The trivial function that I am compiling with gcc and clang:
void test() { printf("hm"); printf("hum"); }
$ gcc test.c -fomit-frame-pointer -masm=intel -O3 -S sub rsp, 8 .cfi_def_cfa_offset 16 mov esi, OFFSET FLAT:.LC0 mov edi, 1 xor eax, eax call __printf_chk mov esi, OFFSET FLAT:.LC1 mov edi, 1 xor eax, eax add rsp, 8 .cfi_def_cfa_offset 8 jmp __printf_chk
and
$ clang test.c -mllvm --x86-asm-syntax=intel -fomit-frame-pointer -O3 -S # BB#0: push rax .Ltmp1: .cfi_def_cfa_offset 16 mov edi, .L.str xor eax, eax call printf mov edi, .L.str1 xor eax, eax pop rdx jmp printf # TAILCALL
The difference I'm interested in is that gcc uses sub rsp, 8 / add rsp, 8 for the proog function, and clang uses push rax / pop rdx .

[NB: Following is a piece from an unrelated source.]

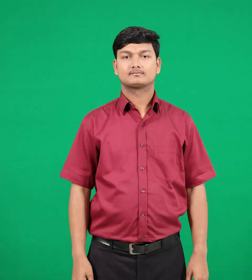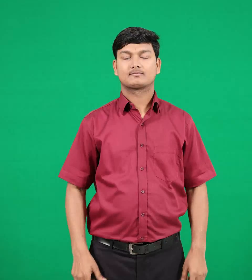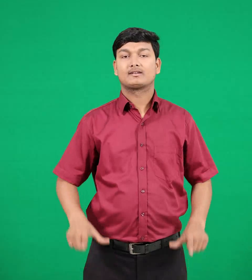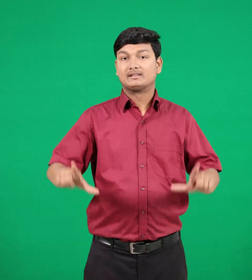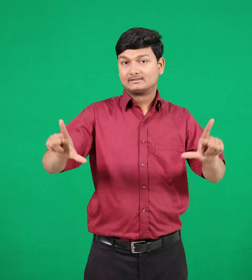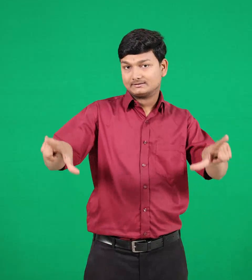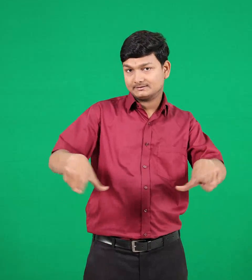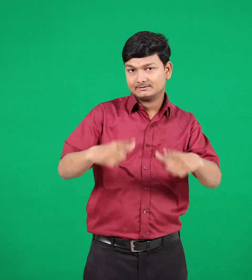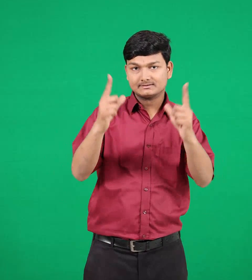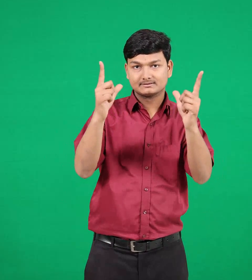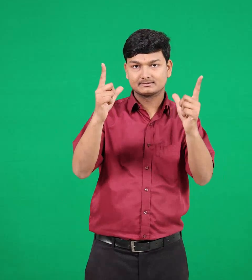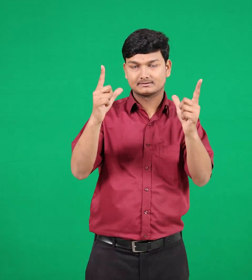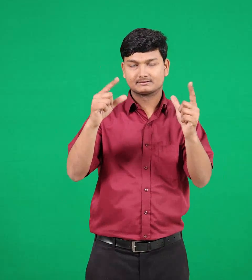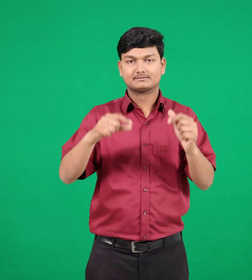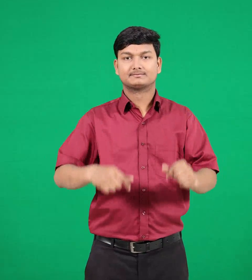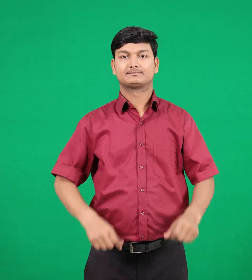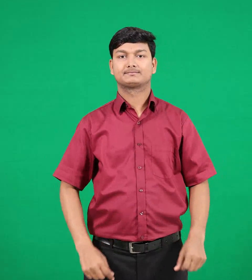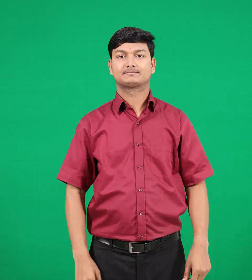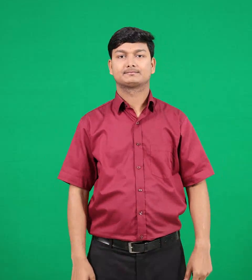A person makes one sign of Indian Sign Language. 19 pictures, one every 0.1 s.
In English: tree

Why do compilers use different function prologs? Which option is better? push and pop , of course, encoded for shorter instructions, but faster or slower than add and sub ?
The reason for the stack is primarily because abi requires rsp to align 16 bytes for procedures without a sheet. I could not find compiler flags that remove them.
Judging by your answers, it seems that push and pop are better. push rax + pop rdx = 1 + 1 = 2 vs sub rsp, 8 + add rsp, 8 = 4 + 4 = 8 . Thus, the first pair saves 6 bytes at no cost.